The chucking charge was thrown out when his arm was found to be hyperextended, and though to the naked eye at his furious, frenetic, glorious best it still looked decidedly impure you were always caught up in the majesty of the moment.

For the drugs offence he was sent home from the 2006 Champions Trophy but the subsequent ban was later risibly lifted. For striking Asif he was dismissed from the inaugural World Twenty20 last year and later fined 3.4 million rupees (£25,000) and banned for 13 matches. He was on a kind of cricketing parole when he opened his mouth again last month. At various times in between, he has been lacklustre and at odds with captains and coaches. All could see his worth which Shoaib himself also recognised fully. But he sent them into despair. When Bob Woolmer was coach of Pakistan he always reckoned he could deal with Shoaib but the undesirable hangers-on – "gangsters" Woolmer called them – proved too much.

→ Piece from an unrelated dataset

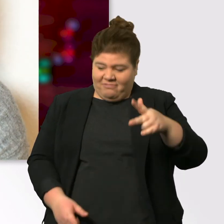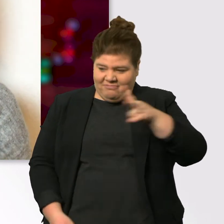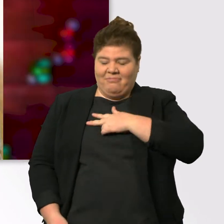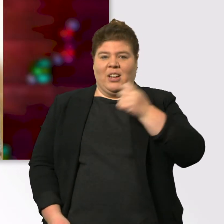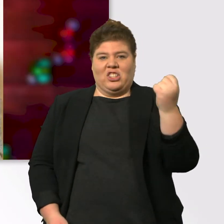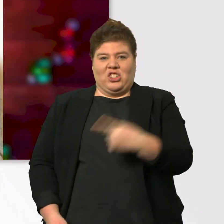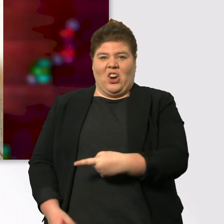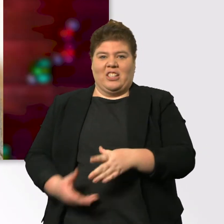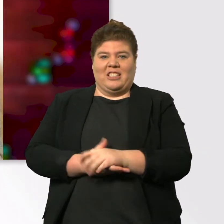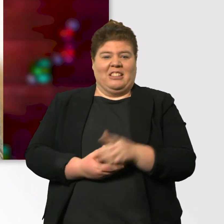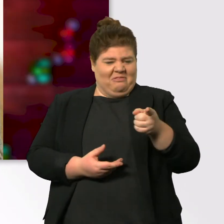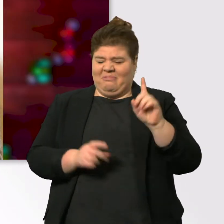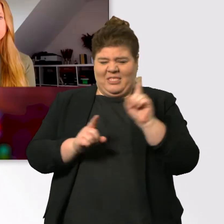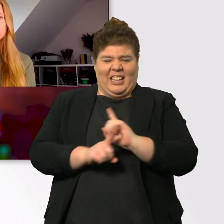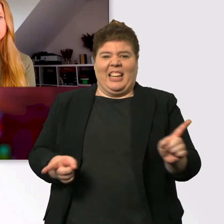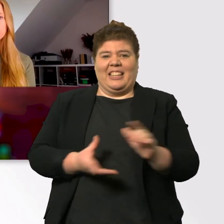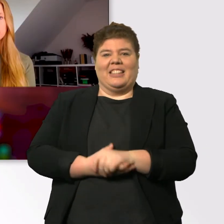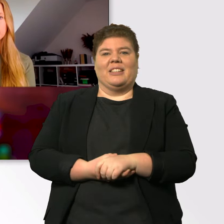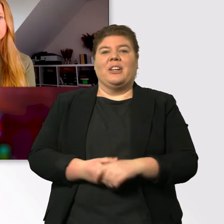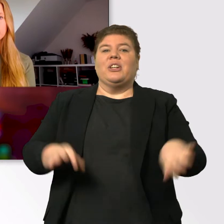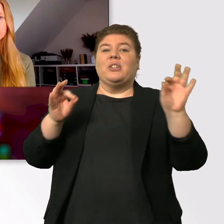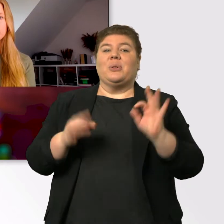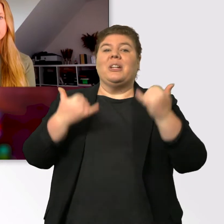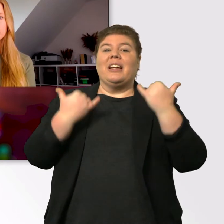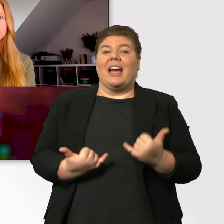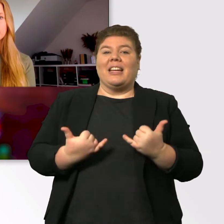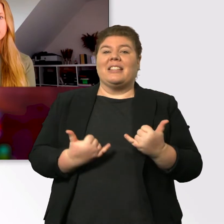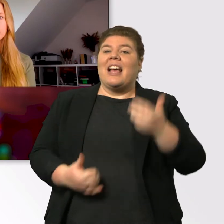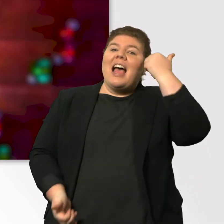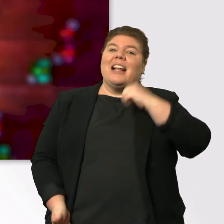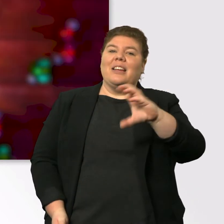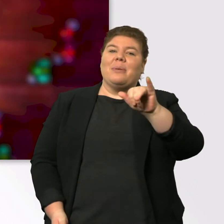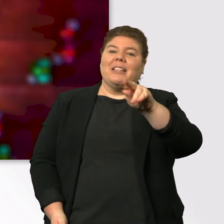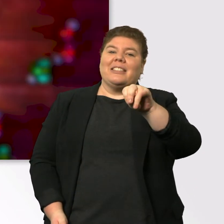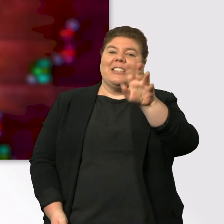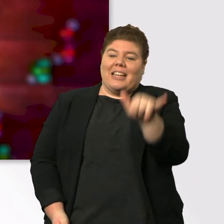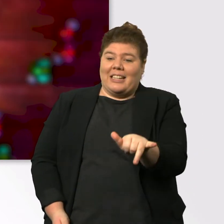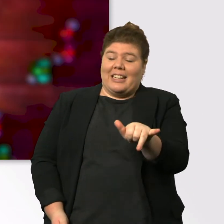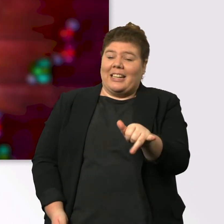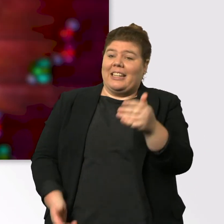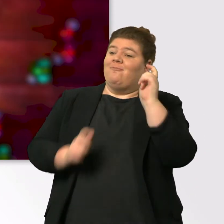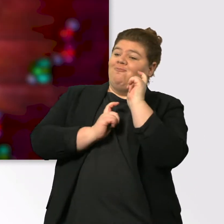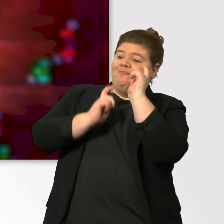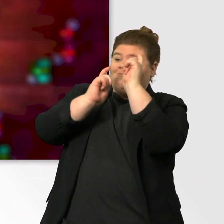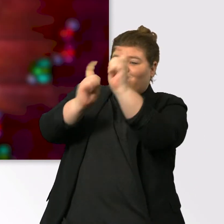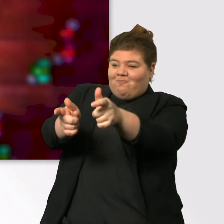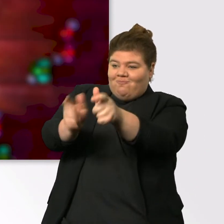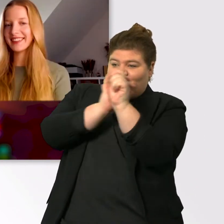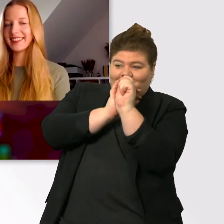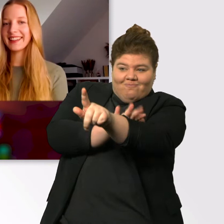nicht. Gut, dann machen wir doch mal weiter. Liebe Cindy, du bist an der Reihe. Ich habe dir ein Geschenk zukommen lassen. Ist es denn

He spent an inordinate time trying to become the first fast bowler to reach 100mph, which he achieved at Cape Town in the 2003 World Cup. But did it really matter? There should and could have been considerably more than 46 Test matches and 138 one-day internationals. A record of 178 wickets at 25.70 in the former and 219 at 23.20 with a strike rate under 30 in the latter hardly constitute either failure or unfulfilment. And yet...

Perhaps his finest series was against England in late 2005. He took 17 wickets in three matches, including five in the last innings of the rubber, and was utterly compelling and incisive throughout.

It was characteristic of Shoaib that yesterday he could see no wrong in anything he had done. Disappointed by the sentence he said he would go to court to appeal. But it was the little boy lost, butter would not melt in his mouth impression that as usual caught the eye, if it did not this time melt the heart.

"Ask the captain, ask coach Geoff Lawson and they would vouch for me. I had played with high fever on the India tour last year which proved my commitment," he said. "I bowl fast so am prone to injuries but I have given my heart, body and soul to this team. I know some vested interest did not want me to be part of the team but I will be back."

He had hoped that an apology for his latest outburst against the board would suffice. But he was wrong. Lawson may want him back in the side. There was plenty of evidence last year that he still had it when he was constantly dismissing top order batsmen with the new ball.

But if he was not a divisive influence around the team he was never a unifying one either. Teams can put up with a great deal from the man who is going to take five wickets and put the fear of Allah into the opposing team but Shoaib seemed never to get it. He appeared to assume that one more excess could merely be followed by one more apology and then the show could go on. Yesterday the show might have stopped for good.

Akhtar antics: The turbulent times of Pakistan's premier paceman

1997 Aged 21, tours England with Pakistan 'A' and is cited for indiscipline.

1998 Takes 5-43 in Pakistan's first Test win in South Africa.

1999 Enjoys wonderful World Cup, especially in semi-final win over New Zealand. Called for throwing.

2002 Bowls first 100mph delivery. Banned for an ODI after throwing a bottle into the crowds in Zimbabwe. Takes 5-25 in one-dayer in Brisbane and 5-21 in Colombo Test.

2003 Banned for ball tampering. Banned for a Test and two ODIs for abusing South Africa's Paul Adams. Misses Test in New Zealand with calf and groin injuries but is pictured day before enjoying a jet-ski ride.

2005 Labelled a disruptive influence by Worcestershire chairman John Elliott. Takes 17 wickets in Test series win v England.

2006 Two-year ban for positive nandrolone test. The verdict was overturned a month later.

2007 Hits team-mate Mohammad Asif with a bat. Handed a 13-match ban and a fine of $57,000 (£28,000) and placed on a two-year probation.

2008 The board's announcement of new central contracts in January sees Shoaib demoted from the top category to a retainership. He is given a five-year ban, preventing him from playing for and in Pakistan, after accusing the board of double standards over awarding of the contracts.

Stats: Tests 46 Wickets 178 BBI 6-11 Ave 25.69.